Poster Presentation Australian and New Zealand Metabolomics Conference 2018

Fourier Transform infrared spectroscopy fingerprint (FTIR) of Mycoparasitic Scytalidium parasiticum : differentiation in difference substrates by using Tri- Step infrared spectroscopy. (#103)

Rafidah Ahmad 1 , Choon Kiat Lim 2 , Nurul Fadhilah Marzuki 2 , Yit Kheng Goh 2 , Kamalrul Azlan Azizan 1 , You Keng Goh 2 , Kah Joo Goh 2 , Syarul Nataqain Baharum 1
  1. Institutes of Systems Biology (INBIOSIS), Universiti Kebangsaan Malaysia, Bangi, Selangor, Malaysia
  2. Advanced Agriecological Research Sdn Bhd, Petaling jaya, Selangor, Malaysia

Ganoderma boninense (G. boninsense) causes basal stem rot (BSR) remains the most devastating oil palm diseases with direct loss of the stand, reduced yield of diseased palms and shorter replanting cycle. A mycoparasite, Scytalidium parasiticum has been successfully isolated and showed that this mycoparasite could inhibit the growth of G.boninsense. We believed that the inhibition of G.boninsense is caused by the antagonist effects of metabolites that has been produced by this mycoparasite. Prior to the above hypothesis, the optimization of Scytalidium parasiticum growth medium was done on three different substrates (maize, rice and oil palm extract medium).  The study was conducted to compare the chemical profiles of S.parasiticum that grown in three different substrates which are maize, rice and oil palm extract media (OPEM). FTIR technique was used to screen the chemicals profiles as a preliminary study to understand the cellular composition of S.parasiticum that grown in different substrates. We have conducted the tri-step FTIR chemical profiles in combination of multivariate statistical analysis to compare the different FTIR spectra. From the PCA analysis and PLS-DA analysis of 1D-FTIR, chemical profiles of  S.parasiticum  grown in OPEM is well-distinguished from the other substrates group. The first two principal components (PC1 and PC2) described the variation in the X matrix (R2X=0.921) with an acceptable predictability of 89% (Q2X=0.888).

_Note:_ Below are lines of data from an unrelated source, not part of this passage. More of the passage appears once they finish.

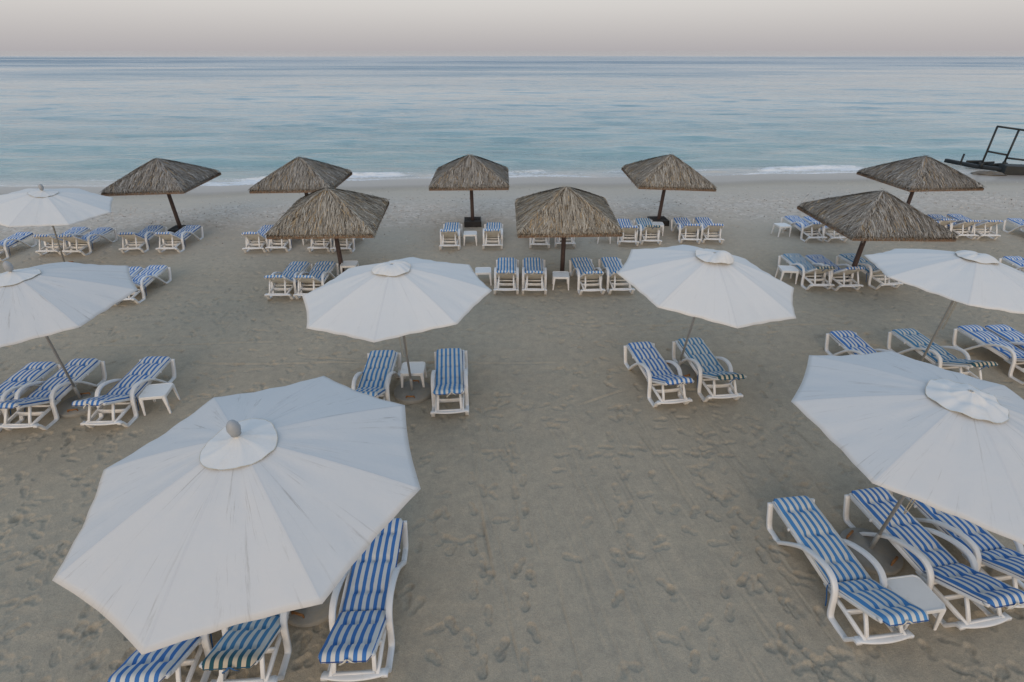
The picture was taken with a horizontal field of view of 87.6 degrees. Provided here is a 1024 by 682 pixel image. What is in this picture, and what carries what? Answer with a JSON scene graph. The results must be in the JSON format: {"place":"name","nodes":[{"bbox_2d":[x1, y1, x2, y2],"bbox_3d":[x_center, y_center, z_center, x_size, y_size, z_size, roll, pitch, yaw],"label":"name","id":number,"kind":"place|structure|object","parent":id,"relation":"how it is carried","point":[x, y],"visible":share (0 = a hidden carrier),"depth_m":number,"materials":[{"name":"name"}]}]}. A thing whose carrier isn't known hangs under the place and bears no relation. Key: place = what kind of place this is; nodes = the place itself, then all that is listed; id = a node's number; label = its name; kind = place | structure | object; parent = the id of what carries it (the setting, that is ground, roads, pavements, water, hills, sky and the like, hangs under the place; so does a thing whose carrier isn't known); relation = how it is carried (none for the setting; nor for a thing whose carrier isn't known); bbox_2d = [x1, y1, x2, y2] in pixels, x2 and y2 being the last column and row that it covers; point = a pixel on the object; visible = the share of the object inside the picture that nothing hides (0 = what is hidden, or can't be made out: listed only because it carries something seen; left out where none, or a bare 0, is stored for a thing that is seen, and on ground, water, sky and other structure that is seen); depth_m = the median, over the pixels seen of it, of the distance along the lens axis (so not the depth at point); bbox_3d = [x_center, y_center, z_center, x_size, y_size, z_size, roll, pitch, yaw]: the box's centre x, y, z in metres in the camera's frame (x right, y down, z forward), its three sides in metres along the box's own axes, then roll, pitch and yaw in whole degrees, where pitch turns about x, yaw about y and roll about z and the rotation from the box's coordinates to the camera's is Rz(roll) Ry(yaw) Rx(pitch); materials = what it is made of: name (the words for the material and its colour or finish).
{"place":"outdoors","nodes":[
{"label":"outdoors","id":0,"kind":"place"},
{"bbox_2d":[0,173,1023,681],"bbox_3d":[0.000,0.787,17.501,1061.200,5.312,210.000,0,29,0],"label":"sand","id":1,"kind":"structure","parent":0,"point":[578,507],"depth_m":9.94,"materials":[{"name":"beige sand"}]},
{"bbox_2d":[0,232,36,260],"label":"sun lounger","id":2,"kind":"object","parent":1,"relation":"on","point":[11,241],"visible":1,"depth_m":19.34,"materials":[{"name":"blue fabric"}]},
{"bbox_2d":[0,362,61,431],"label":"sun lounger","id":3,"kind":"object","parent":1,"relation":"on","point":[30,372],"visible":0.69,"depth_m":11.14,"materials":[{"name":"blue fabric"}]},
{"bbox_2d":[0,358,106,429],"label":"sun lounger","id":4,"kind":"object","parent":1,"relation":"on","point":[54,389],"visible":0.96,"depth_m":10.63,"materials":[{"name":"blue fabric"}]},
{"bbox_2d":[0,184,112,262],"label":"beach umbrella","id":5,"kind":"object","parent":1,"relation":"on","point":[41,206],"visible":0.98,"depth_m":16.35,"materials":[{"name":"white fabric"}]},
{"bbox_2d":[32,227,91,255],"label":"sun lounger","id":6,"kind":"object","parent":1,"relation":"on","point":[49,239],"visible":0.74,"depth_m":19.21,"materials":[{"name":"white plastic"}]},
{"bbox_2d":[0,261,137,416],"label":"beach umbrella","id":7,"kind":"object","parent":1,"relation":"on","point":[44,300],"visible":0.98,"depth_m":9.54,"materials":[{"name":"white fabric"}]},
{"bbox_2d":[57,227,117,255],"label":"sun lounger","id":8,"kind":"object","parent":1,"relation":"on","point":[93,236],"visible":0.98,"depth_m":19.29,"materials":[{"name":"white plastic"}]},
{"bbox_2d":[71,356,176,427],"bbox_3d":[-7.857,0.949,10.941,0.752,0.788,2.250,-1,29,-2],"label":"sun lounger","id":9,"kind":"object","parent":1,"relation":"on","point":[136,379],"visible":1,"depth_m":10.70,"materials":[{"name":"blue fabric"}]},
{"bbox_2d":[114,266,144,305],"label":"sun lounger","id":10,"kind":"object","parent":1,"relation":"on","point":[134,271],"visible":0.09,"depth_m":16.54,"materials":[{"name":"blue fabric"}]},
{"bbox_2d":[117,225,167,252],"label":"sun lounger","id":11,"kind":"object","parent":1,"relation":"on","point":[145,235],"visible":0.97,"depth_m":19.50,"materials":[{"name":"white plastic"}]},
{"bbox_2d":[122,265,171,303],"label":"sun lounger","id":12,"kind":"object","parent":1,"relation":"on","point":[142,280],"visible":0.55,"depth_m":16.18,"materials":[{"name":"white plastic"}]},
{"bbox_2d":[139,383,179,415],"bbox_3d":[-7.175,1.176,10.866,0.510,0.428,0.510,-5,29,-8],"label":"side table","id":13,"kind":"object","parent":1,"relation":"on","point":[154,392],"visible":1,"depth_m":10.73,"materials":[{"name":"white plastic"}]},
{"bbox_2d":[107,633,213,681],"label":"sun lounger","id":14,"kind":"object","parent":1,"relation":"on","point":[161,664],"visible":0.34,"depth_m":5.80,"materials":[{"name":"blue fabric"}]},
{"bbox_2d":[99,157,221,232],"bbox_3d":[-13.529,-5.598,21.148,3.124,3.303,3.118,-2,30,0],"label":"thatched parasol","id":15,"kind":"object","parent":1,"relation":"on","point":[156,176],"visible":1,"depth_m":19.87,"materials":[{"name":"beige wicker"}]},
{"bbox_2d":[154,225,203,252],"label":"sun lounger","id":16,"kind":"object","parent":1,"relation":"on","point":[184,233],"visible":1,"depth_m":19.55,"materials":[{"name":"white plastic"}]},
{"bbox_2d":[52,376,420,654],"bbox_3d":[-2.776,2.184,6.174,3.390,3.250,3.371,15,32,25],"label":"beach umbrella","id":17,"kind":"object","parent":1,"relation":"on","point":[213,514],"visible":0.99,"depth_m":5.11,"materials":[{"name":"white fabric"}]},
{"bbox_2d":[199,611,291,681],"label":"sun lounger","id":18,"kind":"object","parent":1,"relation":"on","point":[243,645],"visible":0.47,"depth_m":6.00,"materials":[{"name":"blue fabric"}]},
{"bbox_2d":[242,225,272,252],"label":"sun lounger","id":19,"kind":"object","parent":1,"relation":"on","point":[258,235],"visible":0.8,"depth_m":19.42,"materials":[{"name":"white plastic"}]},
{"bbox_2d":[265,232,291,251],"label":"sun lounger","id":20,"kind":"object","parent":1,"relation":"on","point":[272,243],"visible":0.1,"depth_m":19.50,"materials":[{"name":"white plastic"}]},
{"bbox_2d":[264,261,312,298],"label":"sun lounger","id":21,"kind":"object","parent":1,"relation":"on","point":[291,271],"visible":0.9,"depth_m":15.90,"materials":[{"name":"white plastic"}]},
{"bbox_2d":[248,155,351,194],"bbox_3d":[-8.181,-5.698,21.360,3.133,3.275,3.143,-1,29,1],"label":"thatched parasol","id":22,"kind":"object","parent":1,"relation":"on","point":[305,176],"visible":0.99,"depth_m":19.99,"materials":[{"name":"beige wicker"}]},
{"bbox_2d":[293,261,338,298],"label":"sun lounger","id":23,"kind":"object","parent":1,"relation":"on","point":[320,271],"visible":0.97,"depth_m":16.03,"materials":[{"name":"white plastic"}]},
{"bbox_2d":[307,238,332,251],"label":"sun lounger","id":24,"kind":"object","parent":1,"relation":"on","point":[311,248],"visible":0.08,"depth_m":19.46,"materials":[{"name":"white plastic"}]},
{"bbox_2d":[265,185,389,273],"bbox_3d":[-5.530,-3.233,16.831,3.133,3.275,3.143,-1,33,-2],"label":"thatched parasol","id":25,"kind":"object","parent":1,"relation":"on","point":[336,214],"visible":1,"depth_m":15.47,"materials":[{"name":"beige wicker"}]},
{"bbox_2d":[330,238,363,252],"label":"sun lounger","id":26,"kind":"object","parent":1,"relation":"on","point":[350,241],"visible":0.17,"depth_m":19.44,"materials":[{"name":"white plastic"}]},
{"bbox_2d":[340,260,358,272],"bbox_3d":[-5.248,-2.318,17.293,0.510,0.428,0.510,-2,29,-4],"label":"side table","id":27,"kind":"object","parent":1,"relation":"on","point":[349,264],"visible":0.75,"depth_m":17.10,"materials":[{"name":"white plastic"}]},
{"bbox_2d":[318,518,407,681],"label":"sun lounger","id":28,"kind":"object","parent":1,"relation":"on","point":[360,626],"visible":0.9,"depth_m":6.48,"materials":[{"name":"blue fabric"}]},
{"bbox_2d":[351,350,401,400],"bbox_3d":[-2.868,0.819,11.169,0.752,0.790,2.242,-1,29,-1],"label":"sun lounger","id":29,"kind":"object","parent":1,"relation":"on","point":[378,372],"visible":0.77,"depth_m":11.28,"materials":[{"name":"blue fabric"}]},
{"bbox_2d":[302,257,491,404],"bbox_3d":[-2.211,-0.131,10.650,3.390,3.042,3.384,12,31,20],"label":"beach umbrella","id":30,"kind":"object","parent":1,"relation":"on","point":[392,299],"visible":1,"depth_m":9.52,"materials":[{"name":"white fabric"}]},
{"bbox_2d":[400,361,426,387],"bbox_3d":[-2.140,0.759,11.632,0.510,0.428,0.510,-1,29,-2],"label":"side table","id":31,"kind":"object","parent":1,"relation":"on","point":[417,368],"visible":0.95,"depth_m":11.47,"materials":[{"name":"plastic"}]},
{"bbox_2d":[430,348,468,416],"bbox_3d":[-1.307,0.776,11.268,0.752,0.783,2.253,-2,29,-4],"label":"sun lounger","id":32,"kind":"object","parent":1,"relation":"on","point":[449,374],"visible":1,"depth_m":11.07,"materials":[{"name":"blue fabric"}]},
{"bbox_2d":[439,222,462,249],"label":"sun lounger","id":33,"kind":"object","parent":1,"relation":"on","point":[452,230],"visible":1,"depth_m":19.79,"materials":[{"name":"white plastic"}]},
{"bbox_2d":[429,154,509,226],"bbox_3d":[-1.642,-5.963,21.853,3.140,3.269,3.118,-1,31,-1],"label":"thatched parasol","id":34,"kind":"object","parent":1,"relation":"on","point":[471,172],"visible":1,"depth_m":20.50,"materials":[{"name":"beige wicker"}]},
{"bbox_2d":[463,231,476,245],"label":"side table","id":35,"kind":"object","parent":1,"relation":"on","point":[469,233],"visible":1,"depth_m":19.98,"materials":[{"name":"white plastic"}]},
{"bbox_2d":[475,267,491,284],"bbox_3d":[-0.899,-2.033,16.769,0.510,0.428,0.510,-1,29,-3],"label":"side table","id":36,"kind":"object","parent":1,"relation":"on","point":[482,270],"visible":0.81,"depth_m":16.58,"materials":[{"name":"white plastic"}]},
{"bbox_2d":[482,222,502,249],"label":"sun lounger","id":37,"kind":"object","parent":1,"relation":"on","point":[492,229],"visible":1,"depth_m":19.78,"materials":[{"name":"white plastic"}]},
{"bbox_2d":[493,257,518,293],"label":"sun lounger","id":38,"kind":"object","parent":1,"relation":"on","point":[506,268],"visible":1,"depth_m":16.22,"materials":[{"name":"white plastic"}]},
{"bbox_2d":[522,257,546,294],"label":"sun lounger","id":39,"kind":"object","parent":1,"relation":"on","point":[534,268],"visible":1,"depth_m":16.23,"materials":[{"name":"white plastic"}]},
{"bbox_2d":[529,238,549,248],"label":"sun lounger","id":40,"kind":"object","parent":1,"relation":"on","point":[533,240],"visible":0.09,"depth_m":19.69,"materials":[{"name":"white plastic"}]},
{"bbox_2d":[552,271,569,289],"bbox_3d":[1.499,-1.861,16.453,0.510,0.428,0.510,1,29,1],"label":"side table","id":41,"kind":"object","parent":1,"relation":"on","point":[560,274],"visible":1,"depth_m":16.26,"materials":[{"name":"white plastic"}]},
{"bbox_2d":[555,237,575,247],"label":"sun lounger","id":42,"kind":"object","parent":1,"relation":"on","point":[558,240],"visible":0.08,"depth_m":19.82,"materials":[{"name":"white plastic"}]},
{"bbox_2d":[514,185,623,270],"bbox_3d":[1.657,-3.297,16.956,3.140,3.269,3.118,-1,33,-1],"label":"thatched parasol","id":43,"kind":"object","parent":1,"relation":"on","point":[563,212],"visible":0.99,"depth_m":15.58,"materials":[{"name":"beige wicker"}]},
{"bbox_2d":[569,257,605,294],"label":"sun lounger","id":44,"kind":"object","parent":1,"relation":"on","point":[584,268],"visible":1,"depth_m":16.24,"materials":[{"name":"white plastic"}]},
{"bbox_2d":[598,257,634,293],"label":"sun lounger","id":45,"kind":"object","parent":1,"relation":"on","point":[612,266],"visible":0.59,"depth_m":16.32,"materials":[{"name":"white plastic"}]},
{"bbox_2d":[617,219,638,245],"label":"sun lounger","id":46,"kind":"object","parent":1,"relation":"on","point":[627,226],"visible":0.81,"depth_m":20.11,"materials":[{"name":"white plastic"}]},
{"bbox_2d":[633,218,661,244],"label":"sun lounger","id":47,"kind":"object","parent":1,"relation":"on","point":[645,225],"visible":0.97,"depth_m":20.24,"materials":[{"name":"white plastic"}]},
{"bbox_2d":[650,222,663,235],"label":"side table","id":48,"kind":"object","parent":1,"relation":"on","point":[660,224],"visible":0.59,"depth_m":21.13,"materials":[{"name":"white plastic"}]},
{"bbox_2d":[623,341,693,407],"bbox_3d":[3.139,0.617,11.562,0.752,0.788,2.242,-4,29,-8],"label":"sun lounger","id":49,"kind":"object","parent":1,"relation":"on","point":[652,364],"visible":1,"depth_m":11.33,"materials":[{"name":"blue fabric"}]},
{"bbox_2d":[621,154,716,225],"bbox_3d":[6.210,-6.020,21.928,3.124,3.303,3.118,1,31,-3],"label":"thatched parasol","id":50,"kind":"object","parent":1,"relation":"on","point":[665,173],"visible":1,"depth_m":20.59,"materials":[{"name":"beige wicker"}]},
{"bbox_2d":[671,217,701,243],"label":"sun lounger","id":51,"kind":"object","parent":1,"relation":"on","point":[683,224],"visible":1,"depth_m":20.43,"materials":[{"name":"white plastic"}]},
{"bbox_2d":[617,245,795,378],"bbox_3d":[3.933,-0.470,11.235,3.367,3.079,3.392,11,31,20],"label":"beach umbrella","id":52,"kind":"object","parent":1,"relation":"on","point":[723,287],"visible":0.98,"depth_m":10.10,"materials":[{"name":"white fabric"}]},
{"bbox_2d":[692,217,723,243],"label":"sun lounger","id":53,"kind":"object","parent":1,"relation":"on","point":[708,224],"visible":0.94,"depth_m":20.41,"materials":[{"name":"white plastic"}]},
{"bbox_2d":[672,337,745,401],"bbox_3d":[4.279,0.530,11.732,0.752,0.785,2.252,-3,28,-5],"label":"sun lounger","id":54,"kind":"object","parent":1,"relation":"on","point":[701,358],"visible":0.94,"depth_m":11.49,"materials":[{"name":"blue fabric"}]},
{"bbox_2d":[771,223,791,236],"bbox_3d":[10.653,-4.388,21.102,0.510,0.428,0.510,-3,29,-6],"label":"side table","id":55,"kind":"object","parent":1,"relation":"on","point":[782,225],"visible":1,"depth_m":20.93,"materials":[{"name":"white plastic"}]},
{"bbox_2d":[775,265,798,283],"bbox_3d":[8.696,-2.102,16.896,0.510,0.428,0.510,3,29,6],"label":"side table","id":56,"kind":"object","parent":1,"relation":"on","point":[791,270],"visible":0.94,"depth_m":16.72,"materials":[{"name":"white plastic"}]},
{"bbox_2d":[780,215,826,241],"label":"sun lounger","id":57,"kind":"object","parent":1,"relation":"on","point":[799,224],"visible":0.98,"depth_m":20.66,"materials":[{"name":"white plastic"}]},
{"bbox_2d":[778,253,835,289],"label":"sun lounger","id":58,"kind":"object","parent":1,"relation":"on","point":[802,264],"visible":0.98,"depth_m":16.57,"materials":[{"name":"white plastic"}]},
{"bbox_2d":[802,216,847,241],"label":"sun lounger","id":59,"kind":"object","parent":1,"relation":"on","point":[810,219],"visible":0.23,"depth_m":20.57,"materials":[{"name":"white plastic"}]},
{"bbox_2d":[804,254,864,290],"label":"sun lounger","id":60,"kind":"object","parent":1,"relation":"on","point":[846,272],"visible":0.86,"depth_m":16.44,"materials":[{"name":"white plastic"}]},
{"bbox_2d":[766,496,928,645],"bbox_3d":[4.380,2.975,7.209,0.752,0.790,2.249,-3,29,-6],"label":"sun lounger","id":61,"kind":"object","parent":1,"relation":"on","point":[821,544],"visible":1,"depth_m":6.95,"materials":[{"name":"blue fabric"}]},
{"bbox_2d":[825,330,889,355],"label":"sun lounger","id":62,"kind":"object","parent":1,"relation":"on","point":[849,342],"visible":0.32,"depth_m":12.48,"materials":[{"name":"blue fabric"}]},
{"bbox_2d":[835,253,903,289],"bbox_3d":[11.381,-2.359,17.019,0.752,0.803,2.154,-5,29,-8],"label":"sun lounger","id":63,"kind":"object","parent":1,"relation":"on","point":[870,269],"visible":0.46,"depth_m":16.70,"materials":[{"name":"white plastic"}]},
{"bbox_2d":[797,188,956,278],"bbox_3d":[10.807,-3.035,16.434,3.124,3.303,3.118,0,31,-3],"label":"thatched parasol","id":64,"kind":"object","parent":1,"relation":"on","point":[874,216],"visible":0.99,"depth_m":15.15,"materials":[{"name":"beige wicker"}]},
{"bbox_2d":[791,351,1023,575],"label":"beach umbrella","id":65,"kind":"object","parent":1,"relation":"on","point":[943,440],"visible":0.99,"depth_m":6.12,"materials":[{"name":"white fabric"}]},
{"bbox_2d":[887,575,945,629],"bbox_3d":[5.079,3.366,6.837,0.510,0.428,0.510,-4,29,-7],"label":"side table","id":66,"kind":"object","parent":1,"relation":"on","point":[916,591],"visible":0.62,"depth_m":6.74,"materials":[{"name":"white plastic"}]},
{"bbox_2d":[856,155,984,203],"bbox_3d":[16.134,-5.832,21.606,3.133,3.275,3.143,-2,30,-5],"label":"thatched parasol","id":67,"kind":"object","parent":1,"relation":"on","point":[926,174],"visible":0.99,"depth_m":20.34,"materials":[{"name":"beige wicker"}]},
{"bbox_2d":[843,487,1023,630],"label":"sun lounger","id":68,"kind":"object","parent":1,"relation":"on","point":[925,553],"visible":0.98,"depth_m":7.10,"materials":[{"name":"blue fabric"}]},
{"bbox_2d":[887,328,997,379],"bbox_3d":[9.685,0.301,12.141,0.752,0.786,2.242,-3,29,-6],"label":"sun lounger","id":69,"kind":"object","parent":1,"relation":"on","point":[936,354],"visible":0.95,"depth_m":12.06,"materials":[{"name":"blue fabric"}]},
{"bbox_2d":[864,249,1023,361],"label":"beach umbrella","id":70,"kind":"object","parent":1,"relation":"on","point":[974,278],"visible":0.95,"depth_m":10.29,"materials":[{"name":"white fabric"}]},
{"bbox_2d":[933,218,956,231],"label":"sun lounger","id":71,"kind":"object","parent":1,"relation":"on","point":[945,222],"visible":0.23,"depth_m":20.65,"materials":[{"name":"white plastic"}]},
{"bbox_2d":[927,214,980,239],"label":"sun lounger","id":72,"kind":"object","parent":1,"relation":"on","point":[964,224],"visible":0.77,"depth_m":20.78,"materials":[{"name":"white plastic"}]},
{"bbox_2d":[889,490,1023,609],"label":"sun lounger","id":73,"kind":"object","parent":1,"relation":"on","point":[985,547],"visible":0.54,"depth_m":7.39,"materials":[{"name":"blue fabric"}]},
{"bbox_2d":[945,214,1003,239],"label":"sun lounger","id":74,"kind":"object","parent":1,"relation":"on","point":[986,224],"visible":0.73,"depth_m":20.77,"materials":[{"name":"white plastic"}]},
{"bbox_2d":[944,125,1023,174],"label":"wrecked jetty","id":75,"kind":"object","parent":1,"relation":"on","point":[1003,167],"visible":0.99,"depth_m":34.40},
{"bbox_2d":[952,325,1023,384],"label":"sun lounger","id":76,"kind":"object","parent":1,"relation":"on","point":[1010,353],"visible":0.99,"depth_m":12.47,"materials":[{"name":"blue fabric"}]},
{"bbox_2d":[971,171,1006,175],"bbox_3d":[30.314,-10.685,33.912,1.930,0.248,0.970,9,30,16],"label":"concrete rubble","id":77,"kind":"object","parent":1,"relation":"on","point":[990,173],"visible":1,"depth_m":33.69,"materials":[{"name":"grey concrete"}]},
{"bbox_2d":[985,324,1023,350],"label":"sun lounger","id":78,"kind":"object","parent":1,"relation":"on","point":[1007,333],"visible":0.87,"depth_m":12.87,"materials":[{"name":"blue fabric"}]},
{"bbox_2d":[999,256,1023,272],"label":"sun lounger","id":79,"kind":"object","parent":1,"relation":"on","point":[1017,262],"visible":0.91,"depth_m":17.33,"materials":[{"name":"blue fabric"}]},
{"bbox_2d":[1002,218,1023,232],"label":"sun lounger","id":80,"kind":"object","parent":1,"relation":"on","point":[1019,222],"visible":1,"depth_m":21.42,"materials":[{"name":"white plastic"}]},
{"bbox_2d":[0,51,1023,186],"bbox_3d":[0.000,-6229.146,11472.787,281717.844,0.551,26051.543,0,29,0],"label":"sea","id":81,"kind":"structure","parent":0,"point":[93,118],"depth_m":69.56,"materials":[{"name":"liquid"}]},
{"bbox_2d":[0,180,1023,251],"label":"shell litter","id":82,"kind":"object","parent":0,"point":[529,189],"visible":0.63,"depth_m":25.03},
{"bbox_2d":[0,0,1023,50],"label":"sky","id":83,"kind":"structure","parent":0,"point":[25,25],"materials":[{"name":"grey"}]}
]}

The first component and the two components are accounting for 82% and 10% of total variation respectively. The predictive quality of the optimized PLS-DA model was low (Q2=0.21, with two components; R2x=0.917, R2Y=0.287). The first component and the two components are accounting for 82% and 9% of total variation respectively. The result obtained was further analyzed with Second Derivative Infrared (SD-IR) and Two- dimensional correlation infrared (2D-FTIR) to observe the differences of the infrared spectrum between S.parasiticum that grown specifically in OPEM. S.parasiticum that grown in OPEM showed distinct spectra from the other two substrates which belongs to protein, aldehydes, esters and ketones groups.